7. В русле этой же мифологемы основная идея 3. Фрейда: энергия творчества — это энергия Эроса, единственной животворящей природной силы.

8. Некоторые исследователи полагают, что дарвиновская теория не выдержала проверки временем и оказалась еще одним вариантом мифа Творения. Эксперименты биологов показали, что путем отбора никоим образом нельзя создать нового вида. Дискретность живых форм выражена чрезвычайно резко. «Похоже, что живая природа устроена по принципу “атома Бора” — в ней имеются разрешенные наборы генов, промежуточные между ними запрещены, а то, что мы воспринимаем как эволюцию, есть внезапное заполнение новых “разрешенных” уровней в результате какого-то таинственного творческого импульса. Живая природа возникла сразу во всем своем объеме и многообразии, ибо иначе она не смогла бы выжить» [34].

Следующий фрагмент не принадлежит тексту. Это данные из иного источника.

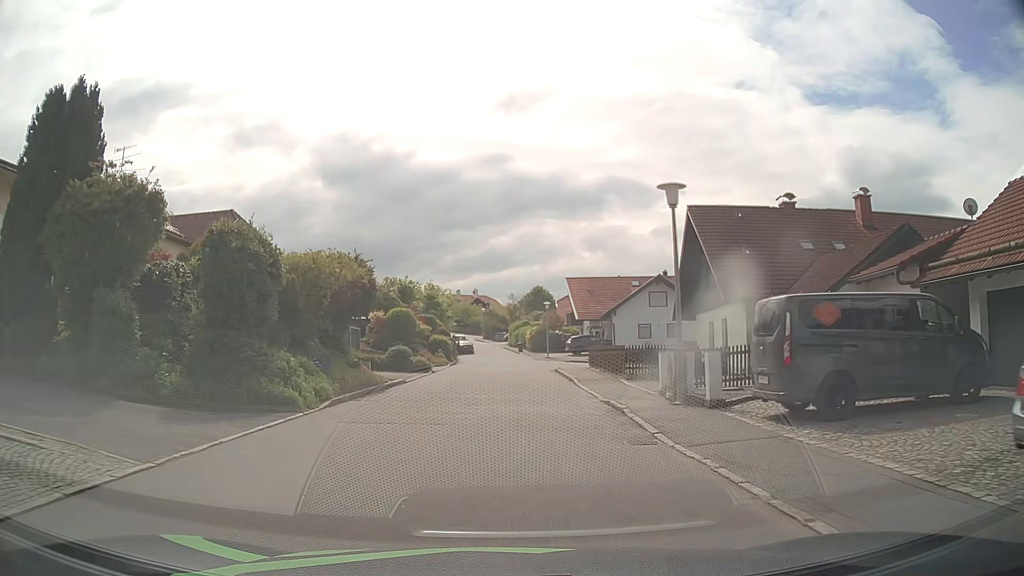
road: residential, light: Day
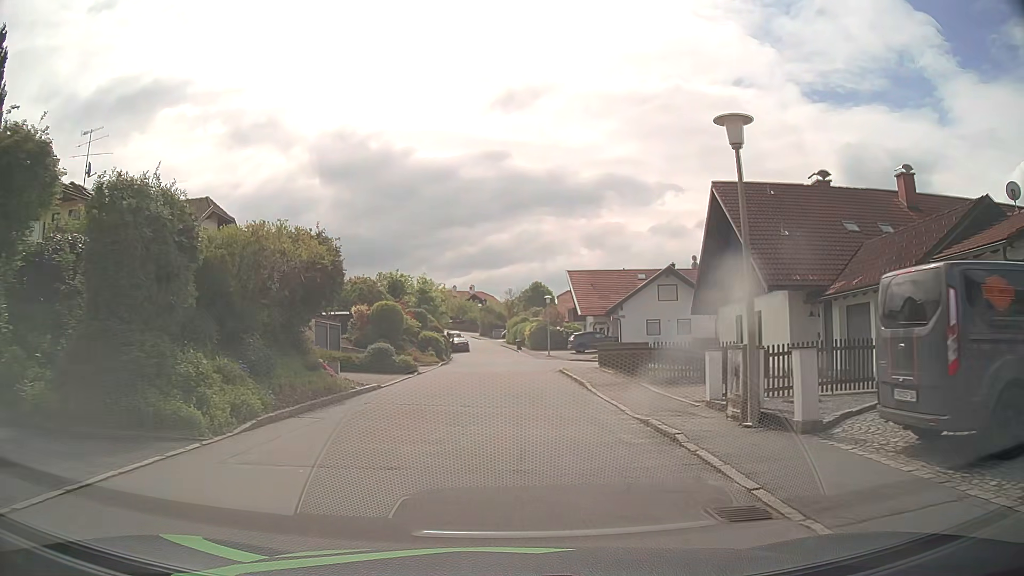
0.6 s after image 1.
(0.0, +4.5) m; 0°
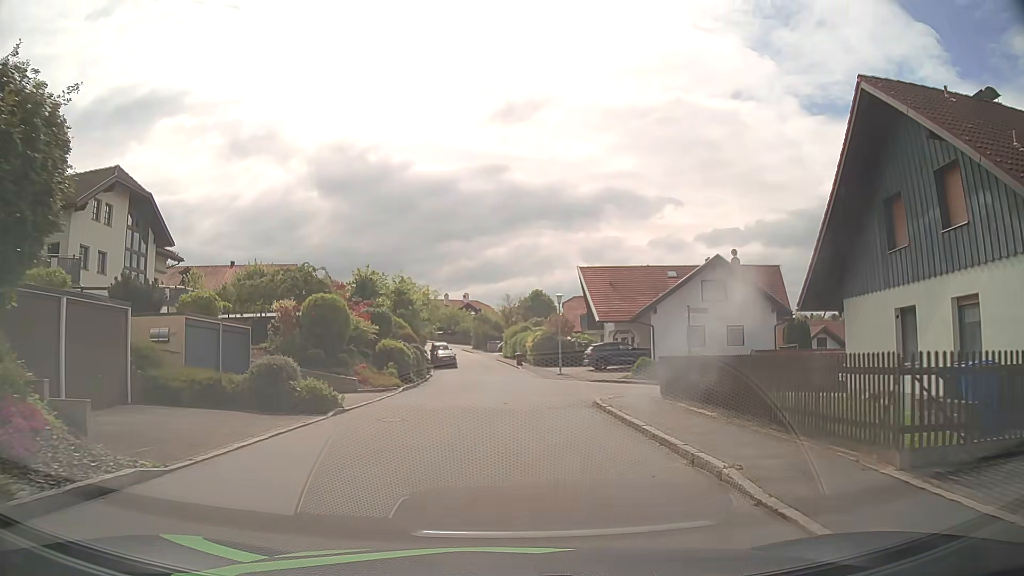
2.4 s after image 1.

«...необходимо <...> очень чутко и внимательно вслушиваться в то, что звучит где-то внутри вас. Нужно услышать будущее сочинение как уже существующее в вашем внутреннем мире. То есть, задача не в том, чтобы построить это сочинение так, как захочется вашей голове, не в том, чтобы изобрести или хитроумно скомбинировать что-либо. Нет, нет, нужно именно услышать сочинение, живущее в вас. <...> И хотя речь идет о вашем сочинении, живущем в вашем внутреннем мире, вы подчиняетесь ему как чему-то объективно существующему — даже отдельно от вас, вне вас. <...> В своей работе я постоянно чувствую риск, связанный с тем, что я вторгаюсь в области, где я еще не был. И, в то же время, — уверенность, что иду в правильном направлении. Поэтому каждый мой шаг не бесконтролен. <..> У произведения, которое находится во мне, есть свои закономерности, свои объективно существующие правила, которые надо интуитивно постигнуть и реализовать. Именно это и означает для меня — писать музыку. <...> Добавлю лишь, что если вы научились улавливать то, что существует, живет, растет, оформляется внутри вас, — значит, научились самому главному. Значит, вы установили какой-то контакт со своим внутренним миром, своим «я». И в вас крепнет уверенность, что этот контакт будет и завтра, и послезавтра. Вы все больше и больше убеждаетесь во внутренней реальности этого мира. В вас растет доверие к нему. Это основное. <...> И вот что еще интересно. Я не раз замечал: то находишься бесконечно далеко от того, что пытаешься найти, то вдруг оказывается, что решение уже найдено. <...> И никогда не замечаешь, когда, в какой момент пришло нужное решение. То есть, никогда не находишься мысленно в самой точке решения. Или — до, или после нее. Невольно начинаешь задумываться в такие минуты об относительности расстояний внутри нашего сознания. Вы можете переноситься мысленно — и мгновенно переноситься! — через огромные, поистине необозримые внутренние пространства. Только что вы еще ничего не знали - и вдруг знаете почти все. Ничего не могли — и уже можете...» [27].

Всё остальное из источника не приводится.